These are the daily challenges faced by the community health workers who were the focal point of our three-day training in March 2013. The ongoing “Timor-Leste Healthcare Worker Training Programme,” is a collaborative project by Care Channels Timor-Leste and clinicians from National University Hospital, in partnership with Liquica District Hospital, Timor-Leste. For the first two afternoons, our three volunteer trainers conducted workshops covering use of stethoscopes and BP sets, recognition of respiratory distress in children, and hypertensive emergencies. The 29 participants included 10 community health workers, in addition to nurses, midwives, doctors and medical students posted in the district hospital. The third day, we accompanied some of the participants in a primary health outreach in a mountain village.

Scarcity confronted us repeatedly during this trip – scarcity of time, training, manpower, money, food and empathy. The formal healthcare system lacks core resources – the hospital ambulance was out of action for want of diesel, the emergency room was depleted of IV infusions sets (!), and the health workers were routinely called upon to manage problems beyond their clinical expertise.

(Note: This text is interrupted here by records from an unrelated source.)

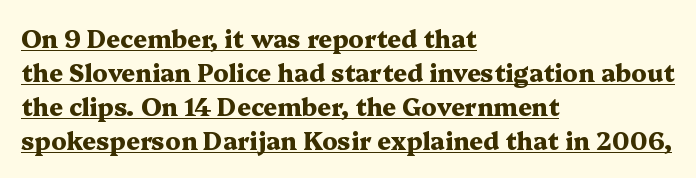
The image shows 24 px bold type, upright; set left-aligned, normal line spacing (1.41x), normal letter spacing, underlined.
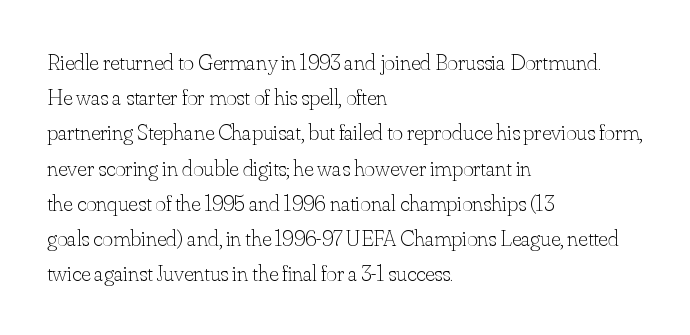
{"italic": "no", "bold": "no", "underline": "no", "align": "left", "line_spacing": "normal", "line_spacing_ratio": 1.53, "letter_spacing": "normal", "letter_spacing_em": 0.0, "glyph_px": 23}
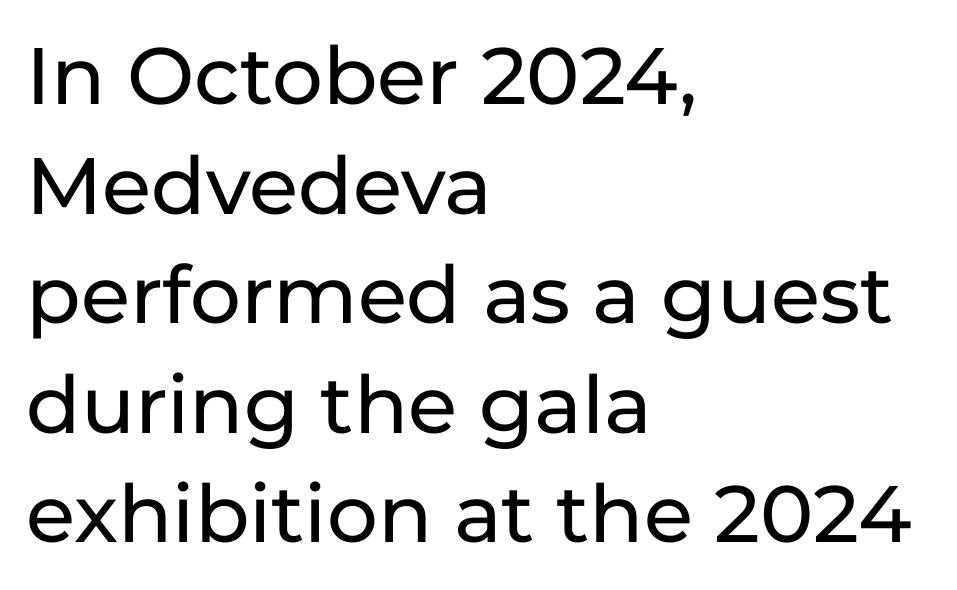
The letters stand upright; this is a roman face. The letters advance in unequal steps, a hallmark of proportional type. Letters rest on an invisible, unmarked baseline. Standard letterfit; no display-style spreading of the glyphs. The characters display no serif detailing; their extremities are plain.
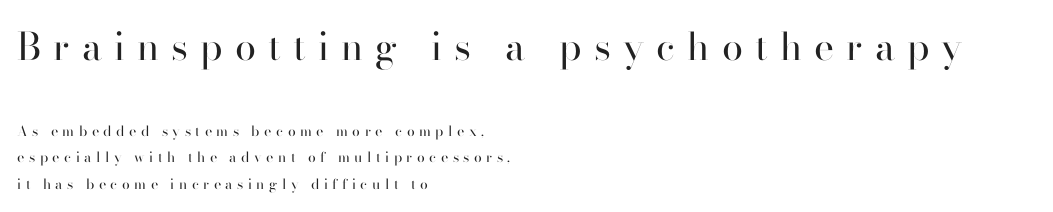
Q: Is the text bold? A: No.
Q: Is the text italic (slanted)? A: No, it is upright.
Q: Is the typeface a serif or a sans-serif typeface? A: Serif.
Q: Is the text underlined? A: No.
Q: How is the paragraph aligned? A: Left-aligned.
Q: Is the spacing between letters normal or unusually wide? A: Unusually wide.
Q: Is the spacing between lines tight, normal or loose? A: Loose.
Q: Which block of text is set in a larger size, the first (top) or the second (bottom)? A: The first (top) one.
Q: Width (condensed, normal, or wide)? A: Normal.
Q: Stroke contrast? A: High.
Q: x-height? A: Small.
Q: Monospaced? A: No.
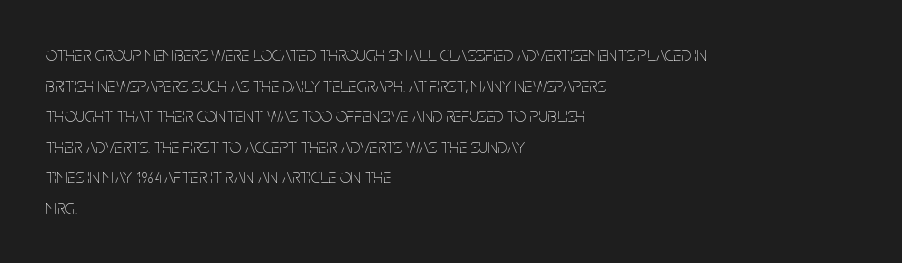
{"italic": "no", "bold": "no", "underline": "no", "align": "left", "line_spacing": "normal", "line_spacing_ratio": 1.53, "letter_spacing": "normal", "letter_spacing_em": 0.0, "glyph_px": 20}
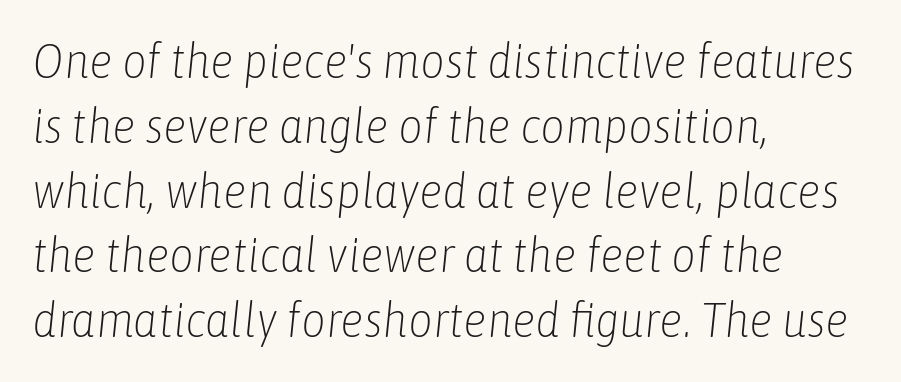
{"italic": "yes", "lean": "right", "slant_degrees": 6, "bold": "no", "weight": "light", "width": "condensed", "stroke_contrast": "low", "x_height": "medium", "monospaced": "no", "underline": "no", "align": "left", "line_spacing": "normal", "line_spacing_ratio": 1.35, "letter_spacing": "normal", "letter_spacing_em": 0.0, "glyph_px": 48}
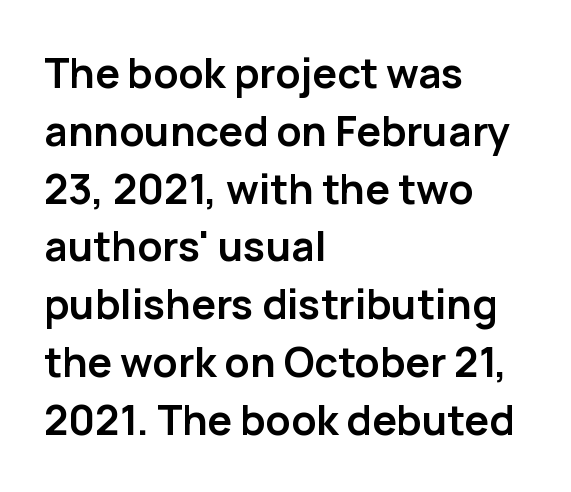
Regular leading. This is the regular roman posture of the typeface. These lines stack with their left ends in a neat column. Rule under the text: the space is simply empty. Stroke thickness is high; the sample reads as a true bold.
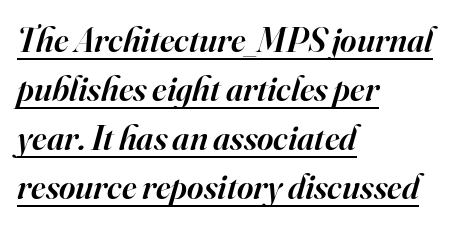
{"serif": "yes", "italic": "yes", "lean": "right", "slant_degrees": 16, "bold": "semi", "weight": "semibold", "width": "normal", "stroke_contrast": "high", "x_height": "small", "monospaced": "no", "underline": "yes", "align": "left", "line_spacing": "normal", "line_spacing_ratio": 1.4, "letter_spacing": "normal", "letter_spacing_em": 0.0, "glyph_px": 35}
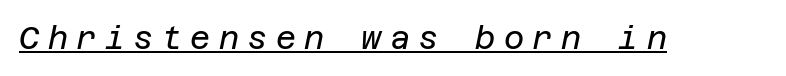
Q: Is the text bold? A: No.
Q: Is the text italic (slanted)? A: Yes, it leans right by about 12 degrees.
Q: Is the text underlined? A: Yes.
Q: Is the spacing between letters normal or unusually wide? A: Unusually wide.
Q: Width (condensed, normal, or wide)? A: Normal.
Q: Stroke contrast? A: Low.
Q: x-height? A: Large.
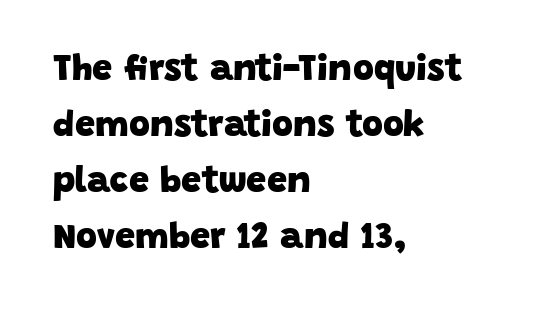
{"serif": "no", "bold": "yes", "weight": "heavy", "width": "normal", "stroke_contrast": "low", "x_height": "large", "monospaced": "no", "underline": "no", "align": "left", "line_spacing": "normal", "line_spacing_ratio": 1.56, "letter_spacing": "normal", "letter_spacing_em": 0.0, "glyph_px": 36}
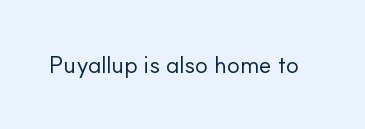
Q: Is the text bold? A: No.
Q: Is the text italic (slanted)? A: No, it is upright.
Q: Is the text underlined? A: No.
Q: Is the spacing between letters normal or unusually wide? A: Normal.
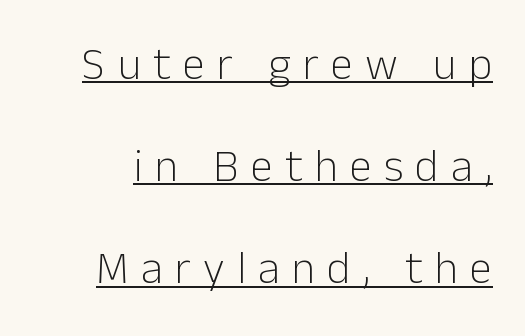
The image shows 45 px light sans-serif type, upright; set loose line spacing (2.27x), unusually wide letter spacing (+0.27 em), underlined; low stroke contrast and a medium x-height.
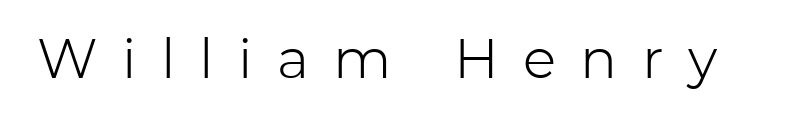
Q: Is the text bold? A: No.
Q: Is the text italic (slanted)? A: No, it is upright.
Q: Is the typeface a serif or a sans-serif typeface? A: Sans-serif.
Q: Is the text underlined? A: No.
Q: Is the spacing between letters normal or unusually wide? A: Unusually wide.
Q: Width (condensed, normal, or wide)? A: Normal.
Q: Stroke contrast? A: Low.
Q: x-height? A: Medium.
Q: Monospaced? A: No.
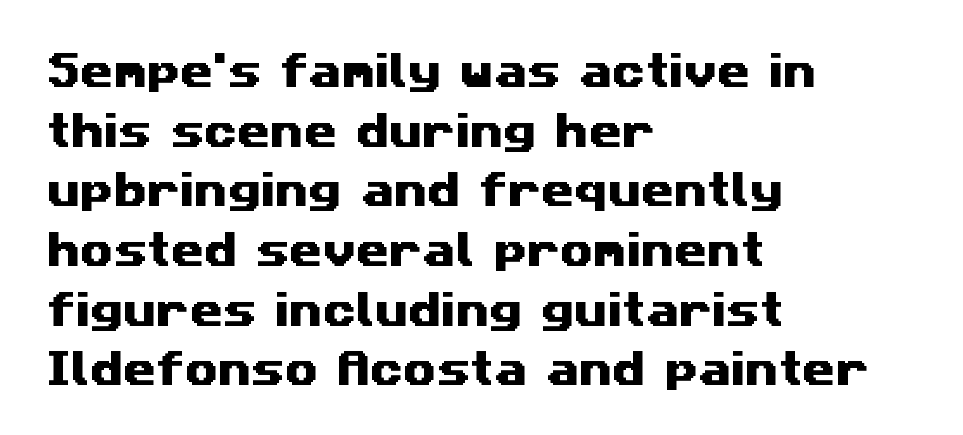
Think of a printed novel: that variable character pitch is what you see here. No feet cap the strokes, marking this as sans-serif type. The zone under the glyphs is completely vacant. Compared with a centered layout, this one pins lines to the left instead. Students, observe: this is what conventionally led text looks like.
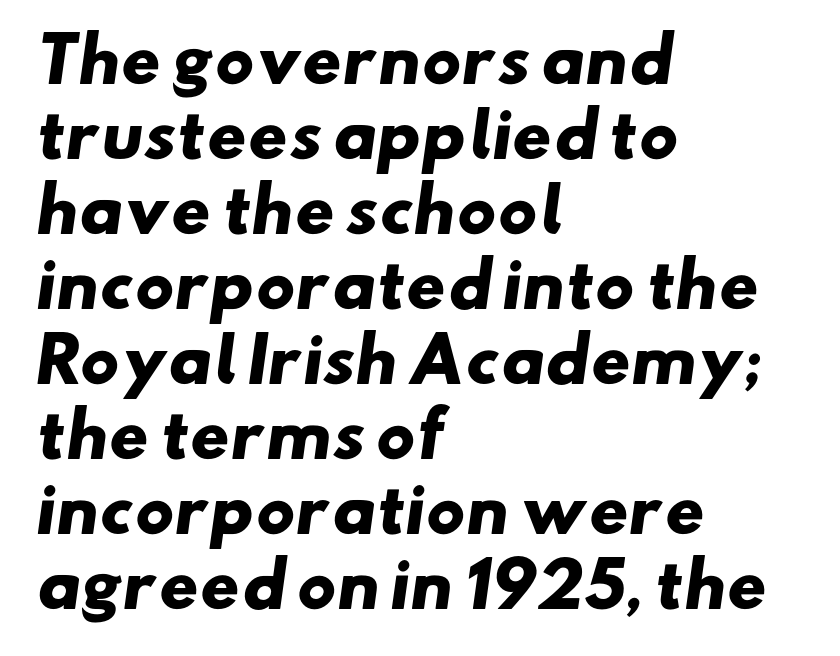
Caption: standard tracking, unaltered. Stroke terminals: plain, sans-serif. This sample is left-justified, so line endings fall wherever the words run out. On the weight axis this lands at bold, roughly 700. The space directly below the letters is spotless. These lines are rendered in a variable-pitch font.
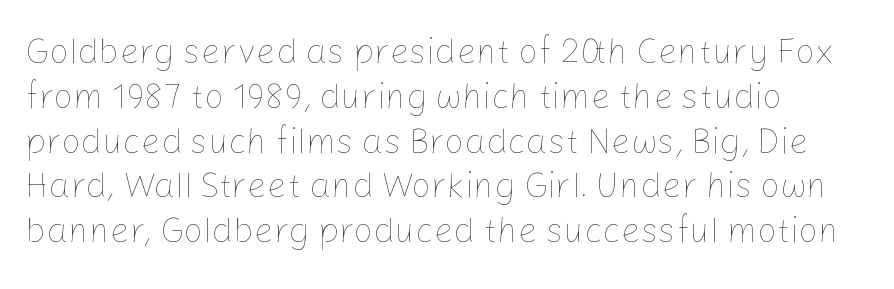
Q: Is the text bold? A: No.
Q: Is the text italic (slanted)? A: No, it is upright.
Q: Is the text underlined? A: No.
Q: How is the paragraph aligned? A: Left-aligned.
Q: Is the spacing between letters normal or unusually wide? A: Normal.
Q: Is the spacing between lines tight, normal or loose? A: Normal.
Q: Width (condensed, normal, or wide)? A: Normal.
Q: Stroke contrast? A: Low.
Q: x-height? A: Medium.
Q: Monospaced? A: No.
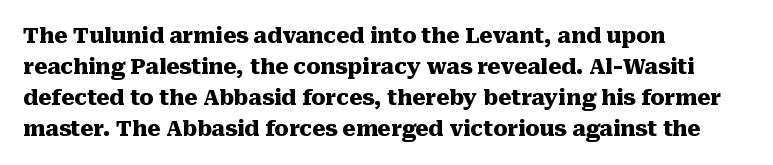
The image shows 21 px bold type, upright; set left-aligned, normal line spacing (1.47x), normal letter spacing, not underlined.

The perennial challenge is to do one’s best with what is available, to maximize performance given severe constraints.

The donated stethoscopes and BP sets were glamorous, but arguably more useful were simple watches. They permitted training in identifying tachypnoea (fast breathing) – the most sensitive sign of lung infections in children. Videos of chest retractions and nasal flaring were crowd-pleasers, as were a series of audience quizzes using coloured flashcards to reinforce mastery of the limits of normal blood pressure.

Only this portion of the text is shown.